User Namespace can be created without root permission. Let's create a User Namespace as an ordinary user. The command is as follows:
[root@docker ~]# su - test Last login: Thu Dec 2 19:11:29 CST 2021 on pts/0 [test@docker ~]$ unshare --user -r /bin/bash [root@docker ~]#
By default, the user namespace allowed to be created by CentOS7 is 0. If the above command fails (the error returned by the unshare command is unshare: unshare failed: Invalid argument), you need to use the following command to modify the user namespace allowed to be created by the system User Namespace quantity
The command is: echo 65535 > / proc / sys / user / max_ user_ Namespaces, and then try to create the User Namespace again.

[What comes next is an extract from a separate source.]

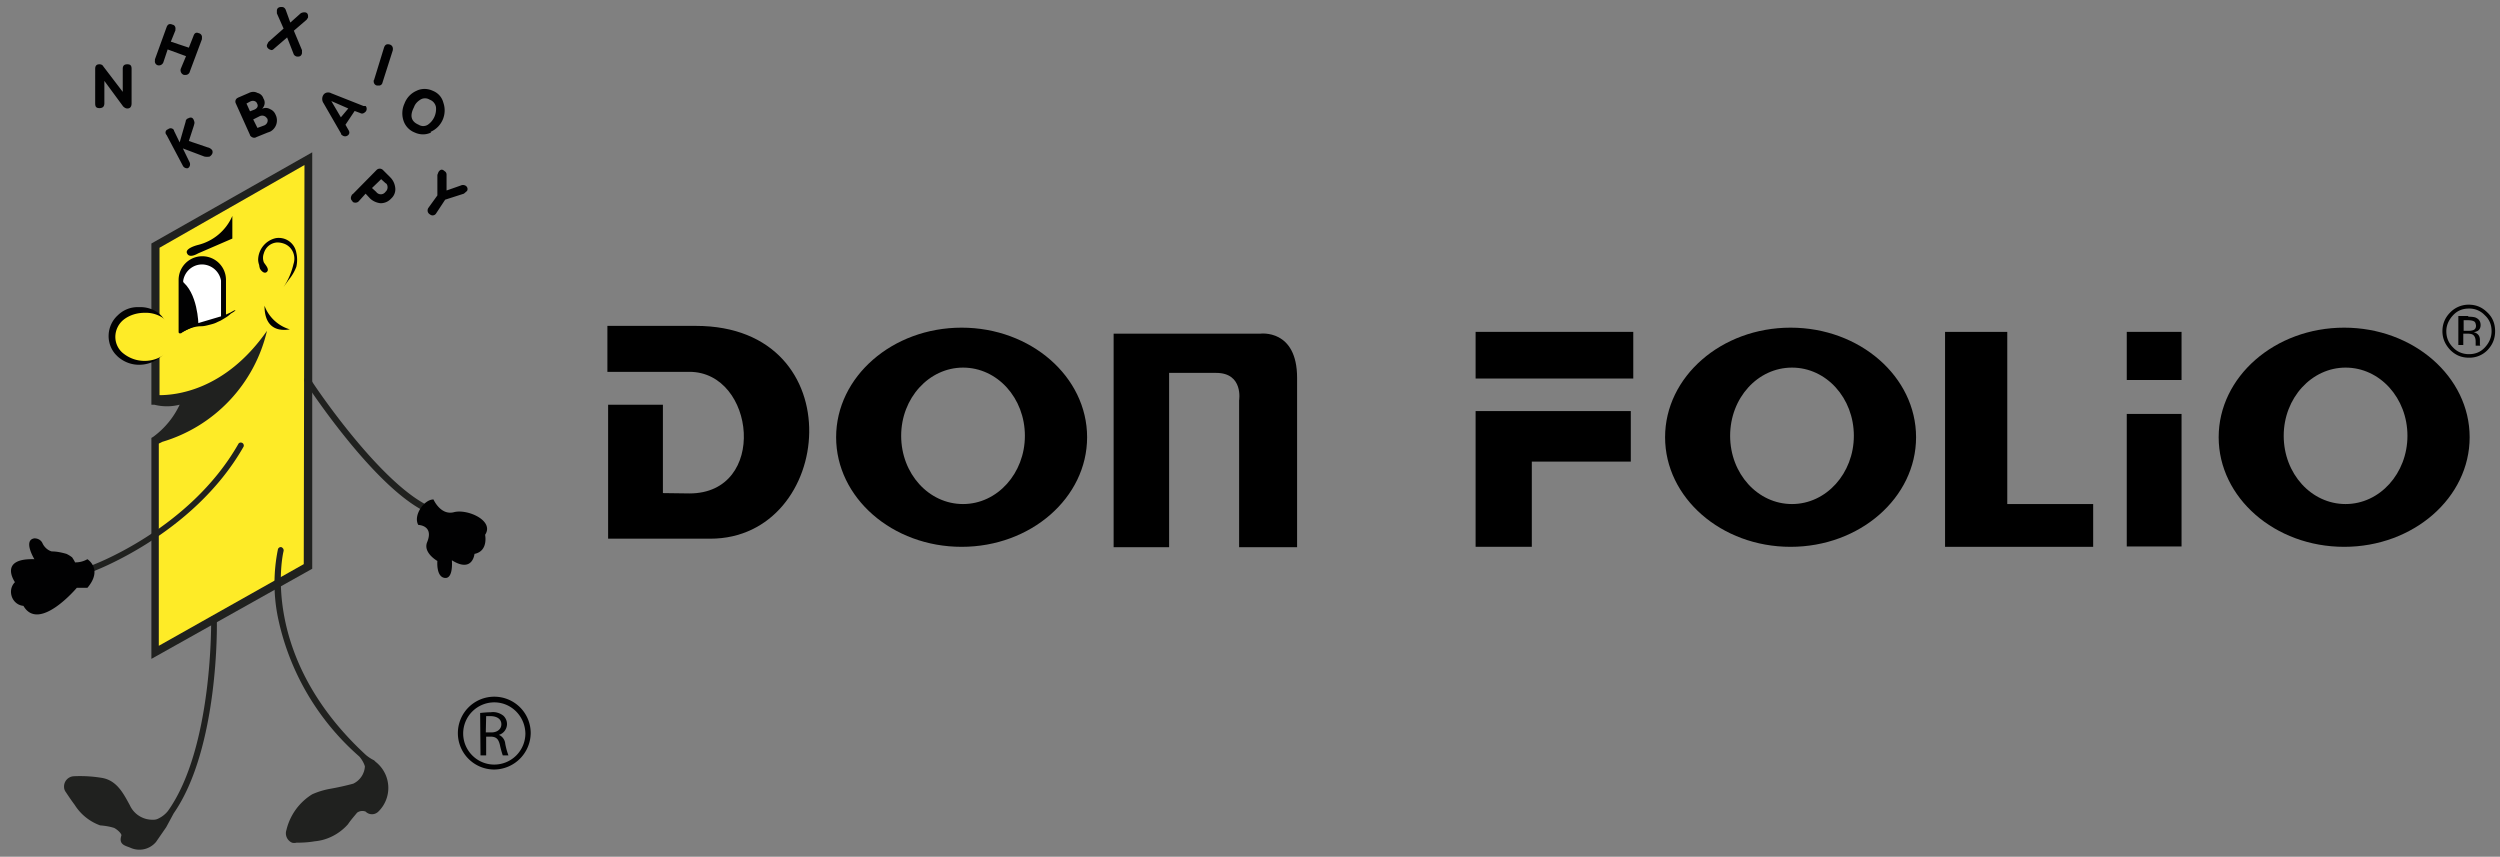 <svg width="178" height="61" viewBox="0 0 178 61" fill="none" xmlns="http://www.w3.org/2000/svg"><rect x="0" y="0" width="178" height="61" fill="#808080" stroke="none"/><path fill-rule="evenodd" clip-rule="evenodd" d="M43.298 28.84v9.515h7.274c8.86 0 10.269-15.152-1.032-15.152h-6.293v3.272h5.84c4.706 0 5.612 8.658 0 8.658l-1.888-.025v-6.292h-3.901v.025zM79.29 38.934V23.757h10.445s2.618-.353 2.618 3.146v12.056h-4.128V28.513s.327-1.963-1.636-1.963h-3.348v12.41H79.29v-.025zm25.773 0v-9.665h11.05v3.599h-7.048v6.066h-4.002z" fill="#000"/><path d="M116.289 23.63h-11.226v3.323h11.226v-3.322zm6.896 7.4c0 2.694 1.963 4.858 4.405 4.858 2.441 0 4.404-2.19 4.404-4.858 0-2.693-1.963-4.857-4.404-4.857-2.442 0-4.405 2.164-4.405 4.857zm-4.631.101c0-4.304 4.002-7.802 8.935-7.802 4.933 0 8.935 3.498 8.935 7.802 0 4.304-4.002 7.803-8.935 7.803-4.933 0-8.935-3.499-8.935-7.803zm-54.391-.101c0 2.694 1.963 4.858 4.405 4.858 2.441 0 4.404-2.19 4.404-4.858 0-2.693-1.963-4.857-4.404-4.857-2.416 0-4.405 2.164-4.405 4.857zm-4.631.101c0-4.304 4.002-7.802 8.935-7.802 4.933 0 8.935 3.498 8.935 7.802 0 4.304-4.002 7.803-8.935 7.803-4.933 0-8.935-3.499-8.935-7.803z" fill="#000"/><path fill-rule="evenodd" clip-rule="evenodd" d="M138.488 23.63v15.304h10.546v-3.046h-6.116V23.631h-4.43z" fill="#000"/><path d="M155.326 29.47h-3.901v9.438h3.901V29.47zm0-5.84h-3.901v3.424h3.901V23.63zm7.274 7.4c0 2.694 1.964 4.858 4.405 4.858 2.441 0 4.405-2.19 4.405-4.858 0-2.693-1.964-4.857-4.405-4.857-2.416 0-4.405 2.164-4.405 4.857zm-4.631.101c0-4.304 4.002-7.802 8.935-7.802 4.934 0 8.935 3.498 8.935 7.802 0 4.304-4.001 7.803-8.935 7.803-4.933 0-8.935-3.499-8.935-7.803z" fill="#000"/><path fill-rule="evenodd" clip-rule="evenodd" d="M174.656 22.448c-.302.327-.478.704-.478 1.132 0 .453.151.83.478 1.158.303.327.705.478 1.133.478.453 0 .831-.15 1.133-.478.302-.327.478-.705.478-1.158 0-.453-.151-.83-.478-1.132a1.504 1.504 0 00-1.133-.479c-.453 0-.83.151-1.133.479zm2.467 2.466a1.785 1.785 0 01-1.334.554c-.528 0-.956-.176-1.334-.554-.352-.377-.554-.805-.554-1.334 0-.503.177-.956.554-1.334a1.828 1.828 0 011.309-.553c.528 0 .956.176 1.334.553.377.353.554.806.554 1.334 0 .529-.177.957-.529 1.334zm-.982-2.039c-.1-.05-.226-.075-.427-.075h-.302v.755h.327c.151 0 .277-.025.352-.05.151-.05.201-.176.201-.327-.025-.151-.05-.252-.151-.303zm-.402-.327c.251 0 .453.026.553.076.202.1.328.252.328.528 0 .177-.076.328-.202.403a.844.844 0 01-.302.1.557.557 0 01.353.202c.075.1.1.227.1.327v.302c0 .05 0 .101.026.101v.025h-.328v-.302c0-.226-.075-.402-.201-.478-.076-.05-.201-.076-.403-.076h-.277v.806h-.352v-2.064h.705v.05z" fill="#000"/><path d="M9.067 7.724c-.125 0-.226-.076-.302-.151L7.431 5.76v1.586c0 .227-.1.352-.352.352s-.302-.125-.302-.352V4.905c0-.227.1-.328.302-.328.126 0 .227.05.277.151L8.74 6.541V4.905c0-.227.1-.328.327-.328s.302.101.302.328v2.441c0 .252-.1.378-.302.378zm3.096-4.757l1.284.427.327-.83c.076-.227.201-.277.378-.201a.284.284 0 01.226.327v.1l-.856 2.29a.314.314 0 01-.352.253h-.075c-.177-.05-.277-.252-.227-.428l.377-.906-1.308-.479-.302.906a.34.34 0 01-.378.227.284.284 0 01-.226-.327v-.1l.83-2.291c.076-.202.201-.277.428-.177.151.026.227.177.201.328v.075l-.327.806zm9.338.603v.227c-.05.202-.176.252-.378.227-.1-.025-.2-.101-.226-.202l-.453-1.157-.906.78c-.1.1-.176.15-.277.1-.1-.025-.302-.15-.252-.352l.1-.201 1.083-.957-.478-1.082V.752c0-.151.126-.252.277-.252h.1c.101 0 .202.076.252.201l.327.906.705-.629c.076-.075.201-.1.302-.1.227 0 .277.176.252.377l-.1.151-.907.78.579 1.385zm5.135 2.115l.704-2.29c.076-.227.202-.277.403-.227.176.05.252.201.227.377v.026l-.73 2.29c-.025.151-.151.252-.302.227h-.101c-.151-.026-.252-.177-.227-.353 0 0 0-.025.026-.05zm4.052 3.75c-.352.176-.78.176-1.158 0a1.36 1.36 0 01-.805-.856 1.669 1.669 0 01.075-1.208c.151-.402.453-.73.856-.906.352-.176.78-.176 1.158 0 .377.151.654.453.755.856.277.805-.1 1.711-.906 2.064l.025.05zm-.881-.554a.614.614 0 00.654 0c.403-.276.63-.755.58-1.258a.696.696 0 00-.454-.529.614.614 0 00-.654 0c-.202.126-.378.302-.453.529-.328.63-.202 1.032.327 1.258zm1.258 6.293a.293.293 0 01-.402.126l-.076-.05c-.15-.101-.176-.278-.1-.429l.654-.906v-1.46l.075-.2c.126-.202.277-.227.428-.076.1.05.151.15.151.251v1.133l1.007-.353c.1-.05.227-.05.327 0 .151.076.202.252.126.378l-.05.05-.176.151-1.334.428-.63.957zm-5.94-1.359l1.687-1.712a.319.319 0 01.453 0l.528.529c.202.201.328.478.353.78a.886.886 0 01-.302.73.993.993 0 01-.755.327 1.296 1.296 0 01-.73-.327l-.328-.353-.478.529c-.1.126-.302.151-.453.05v-.05c-.126-.075-.15-.252-.075-.378.025-.075.05-.1.1-.125zm1.36-.428l.302.277a.402.402 0 00.553.1c.026-.025.076-.05.101-.1a.432.432 0 00.076-.58l-.076-.05-.302-.277-.654.63zm-1.888-4.506l.201.353c.1.15.1.277 0 .377a.319.319 0 01-.453 0c-.05 0-.05-.075-.075-.126l-1.234-2.139a.53.53 0 010-.604c.126-.176.378-.201.554-.1l2.29.905h.152c.1.101.1.302 0 .403-.126.126-.252.176-.378.1l-.403-.15-.654.981zm-.327-.528l.528-.63-1.208-.528.68 1.158zm-5.034-.579a.694.694 0 01.377.377.906.906 0 01-.352 1.209 1.74 1.74 0 01-.201.075l-.806.327c-.15.101-.352.025-.453-.126v-.025l-1.007-2.24a.293.293 0 01.126-.402c.025 0 .025-.026.05-.026l.756-.327c.201-.1.428-.1.604 0a.58.58 0 01.428.403c.15.226.1.528-.101.73a.591.591 0 01.579.025zm-.906 1.334l.478-.176c.201-.076.302-.302.226-.478 0 0 0-.026-.025-.026a.398.398 0 00-.528-.15c-.026 0-.026.024-.05.024l-.403.202.302.604zm-.202-1.309c.202-.1.277-.252.177-.428-.05-.15-.227-.226-.403-.176-.025 0-.05.025-.076.025l-.277.151.252.554.327-.126zm-5.109 4.002l-1.158-2.19c-.1-.1-.1-.251 0-.352a.19.19 0 01.1-.05.274.274 0 01.378 0c.025.025.05.05.05.1l.403.83.428-1.484c0-.1.076-.201.176-.227.177-.1.328-.075.403.126.076.202.05.202 0 .403l-.352 1.082 1.334.453a.56.56 0 01.327.202c.075.176 0 .327-.176.453a.952.952 0 01-.378 0l-1.535-.58.478.982c.076.151.025.353-.126.428a.335.335 0 01-.352-.176z" fill="#010102"/><path d="M11.056 17.49l10.873-6.167v28.995l-10.873 6.116V31.408c1.007-.73 1.762-1.762 2.089-2.97-.68.277-1.41.302-2.09.126V17.489z" fill="#FEEB27"/><path d="M10.779 17.338v11.477h.201a3.681 3.681 0 001.812 0 5.973 5.973 0 01-1.887 2.29l-.126.076v15.731l11.452-6.418v-29.65l-11.452 6.494zm10.848 22.829l-10.32 5.814V31.584l.252-.126a10.815 10.815 0 007.45-7.903c-3.02 4.33-6.62 4.58-7.651 4.58V17.64l10.32-5.89-.051 28.417z" fill="#20211F"/><path d="M16.543 16.986v-1.61a3.597 3.597 0 01-2.442 2.063c-.201.05-.956.277-.78.604.151.327.604.1.78 0l2.442-1.057zm2.29 4.782a2.756 2.756 0 001.812 1.686c-.025-.025-1.812.479-1.812-1.686zm-.377-2.894a1.14 1.14 0 01-.076-.403 1.61 1.61 0 011.233-1.51 1.267 1.267 0 011.485 1.032c.076.327.076.68 0 1.007a3.28 3.28 0 01-.528.906l-.378.528a4.966 4.966 0 00.705-1.636c.201-.604-.1-1.258-.705-1.46a1.423 1.423 0 00-.453-.075c-.453.025-.83.327-.956.78a.903.903 0 000 .63c.075.15.428.478.226.679-.201.201-.453-.126-.503-.227-.025-.1-.05-.176-.05-.251z" fill="#010102"/><path d="M6.45 40.72c-.076 0-.176-.05-.202-.125-.05-.1 0-.227.101-.277.076 0 7.123-2.567 10.622-8.709.05-.1.176-.126.276-.075.101.05.151.201.076.302-3.6 6.292-10.798 8.885-10.848 8.91l-.025-.025zm23.76-4.379h-.101c-3.7-1.963-8.23-8.885-8.407-9.162a.268.268 0 01.05-.301.23.23 0 01.303.025c0 .075 4.656 7.097 8.255 9.01.101.05.126.177.076.277-.025.076-.1.126-.176.151z" fill="#20211F"/><path fill-rule="evenodd" clip-rule="evenodd" d="M15.435 44.043c0-.1-.075-.201-.201-.201s-.201.1-.201.201c0 .1.15 9.162-3.071 13.692a1.899 1.899 0 01-.655.529.738.738 0 01-.402.1 1.762 1.762 0 01-1.661-1.032c-.453-.83-.907-1.736-1.938-1.938a9.484 9.484 0 00-2.064-.125.732.732 0 00-.68.78c0 .126.05.251.126.352.201.302.403.604.63.906a3.576 3.576 0 001.811 1.46c.328.025.655.075.982.176.226.1.579.428.529.554-.202.63.251.705.629.856a1.547 1.547 0 001.837-.403l.73-1.057.529-.982c3.221-4.63 3.095-13.49 3.07-13.868zm11.276 10.168l-.075-.075a2.855 2.855 0 01-.58-.378c-7.676-7.072-5.889-14.447-5.864-14.522.025-.126-.05-.227-.15-.277a.21.21 0 00-.253.15 12.142 12.142 0 000 4.858 18.018 18.018 0 005.79 9.892c.176.201.327.453.402.705a1.456 1.456 0 01-.83 1.233c-.554.151-1.133.277-1.712.378a5.577 5.577 0 00-1.208.377 4.103 4.103 0 00-1.837 2.542.729.729 0 00.402.906.594.594 0 00.302 0c.453 0 .881-.025 1.31-.1.905-.076 1.761-.529 2.365-1.209.201-.302.428-.553.654-.83a.647.647 0 01.605-.076.638.638 0 00.906 0l.05-.05a2.355 2.355 0 00-.076-3.347c-.075-.076-.15-.126-.2-.177z" fill="#20211F"/><path d="M15.913 19.956c-.075-.83-.805-1.485-1.636-1.41a1.515 1.515 0 00-1.409 1.41v3.675l1.133-.504 1.963-.528-.05-2.643z" fill="#fff"/><path d="M12.868 19.956v3.725l1.258-.579s-.025-2.316-1.258-3.146z" fill="#010102"/><path d="M16.417 22.246l-.327.151v-2.466a1.686 1.686 0 00-3.373 0v3.725c0 .025.025.05.05.075h.126c.126-.1.277-.176.403-.251.327-.151.68-.252 1.032-.252.201 0 .377-.05.579-.1.201-.051.402-.101.579-.202l.226-.1.378-.227a1.99 1.99 0 00.352-.277c.378-.201.478-.378-.025-.076zm-2.29.755c-.303.05-.63.126-.907.277l-.176.1v-3.397c.126-.755.83-1.258 1.56-1.133a1.39 1.39 0 011.133 1.133v2.542l-1.61.478zM6.223 39.815s1.133.704 0 2.038h-.755s-2.693 3.197-3.8 1.284c-.554-.05-.932-.554-.881-1.108a.967.967 0 01.277-.579s-1.209-1.711 1.384-1.636c0 0-.83-1.359 0-1.484.252 0 .478.125.579.352.126.277.377.503.654.579.353 0 .705.075 1.057.176.151.076.277.151.403.252.075.126.151.226.201.352a1.7 1.7 0 00.881-.226zm3.675-17.946a2.007 2.007 0 00-1.51.579c-.806.73-.881 1.988-.151 2.793l.15.151c.429.378.957.58 1.511.58.579 0 1.133-.202 1.56-.58.403-.377.63-.906.63-1.46a2.334 2.334 0 00-.63-1.484c-.402-.403-.981-.604-1.56-.58z" fill="#010102"/><path d="M11.76 25.191a1.6 1.6 0 00.63-1.208 1.696 1.696 0 00-.63-1.233 2.216 2.216 0 00-1.46-.479c-.528 0-1.056.151-1.484.479a1.587 1.587 0 00-.604 1.233c0 .478.226.931.604 1.208.428.327.93.504 1.485.504.528 0 1.057-.177 1.46-.504z" fill="#FEEB27"/><path d="M29.782 37.373c-.378-.654.402-1.812 1.082-1.812 0 0 .503 1.158 1.46.906.956-.252 2.894.604 2.215 1.61 0 0 .251 1.159-.755 1.36 0 0-.126 1.384-1.611.453 0 0 .126 1.334-.504 1.258-.629-.075-.528-1.208-.528-1.208s-1.032-.578-.73-1.334c.503-1.208-.63-1.233-.63-1.233zm5.411 17.417a2.589 2.589 0 01-2.592-2.592 2.589 2.589 0 012.592-2.593 2.589 2.589 0 012.593 2.593 2.622 2.622 0 01-2.593 2.592zm0-4.782a2.218 2.218 0 00-2.215 2.215c0 1.208.982 2.215 2.215 2.215a2.218 2.218 0 002.215-2.215c-.025-1.233-1.007-2.215-2.215-2.215z" fill="#010102"/><path d="M34.186 50.763c.252-.025.504-.05.755-.05.328-.05.655.05.906.252a.819.819 0 01.252.578c0 .353-.226.68-.579.78a.753.753 0 01.453.63 5 5 0 00.227.83h-.403a6.17 6.17 0 01-.201-.73c-.1-.427-.252-.578-.604-.603h-.378v1.333h-.402l-.026-3.02zm.403 1.385h.403c.403 0 .705-.227.705-.58 0-.352-.277-.553-.705-.578h-.378l-.025 1.157z" fill="#010203"/></svg>

Then execute the id command to view the current user information:
[root@docker ~]# id uid=0(root) gid=0(root) groups=0(root) [root@docker ~]#
From the above output, we can see that we are already the root user in the new User Namespace. Next, we use the reboot command that can only be executed by the host root user to verify that the reboot command is executed in the current command line window:
[root@docker ~]# reboot Failed to open /dev/initctl: Permission denied Failed to talk to init daemon.
You can see that although we are the root user in the newly created User Namespace, we do not have permission to execute the reboot command. This shows that the root permission of the host cannot be obtained in the isolated User Namespace, that is, the User Namespace realizes the isolation of users and user groups.
(6),Net Namespace
Net Namespace is used to isolate network equipment, IP address, port and other information. Net Namespace allows each process to have its own independent IP address, port and network card information. For example, if the host IP address is 192.168.209.1, an independent IP address 172.16.4.1 can be set in the container.
We use the ip a command to view the network information on the following host:
[root@docker ~]# ip a 1: lo: <LOOPBACK,UP,LOWER_UP> mtu 65536 qdisc noqueue state UNKNOWN group default qlen 1000 link/loopback 00:00:00:00:00:00 brd 00:00:00:00:00:00 inet 127.0.0.1/8 scope host lo valid_lft forever preferred_lft forever inet6 ::1/128 scope host valid_lft forever preferred_lft forever 2: ens32: <BROADCAST,MULTICAST,UP,LOWER_UP> mtu 1500 qdisc pfifo_fast state UP group default qlen 1000 link/ether 00:0c:29:30:6d:8c brd ff:ff:ff:ff:ff:ff inet 192.168.209.148/24 brd 192.168.209.255 scope global noprefixroute dynamic ens32 valid_lft 1760sec preferred_lft 1760sec inet6 fe80::8081:c385:2b72:fe59/64 scope link noprefixroute valid_lft forever preferred_lft forever 3: docker0: <NO-CARRIER,BROADCAST,MULTICAST,UP> mtu 1500 qdisc noqueue state DOWN group default link/ether 02:42:d7:5e:07:6e brd ff:ff:ff:ff:ff:ff inet 172.17.0.1/16 brd 172.17.255.255 scope global docker0 valid_lft forever preferred_lft forever inet6 fe80::42:d7ff:fe5e:76e/64 scope link valid_lft forever preferred_lft forever
We create a Net Namespace using the following command:
[root@docker ~]# unshare --net --fork /bin/bash [root@docker ~]# ip a 1: lo: <LOOPBACK> mtu 65536 qdisc noop state DOWN group default qlen 1000 link/loopback 00:00:00:00:00:00 brd 00:00:00:00:00:00 [root@docker ~]#
It can be seen that there are lo, eth0, docker0 and other network devices on the host, while the new Net Namespace is different from the network devices on the host.
3. Why does Docker need a Namespace?
When Docker creates a new container, it will create these six namespaces, and then add the processes in the container to these namespaces, so that the processes in the Docker container can only see the system resources in the current Namespace.
It is precisely because Docker uses these Namespace technologies of Linux that Docker container isolation is realized. It can be said that without Namespace, there will be no Docker container.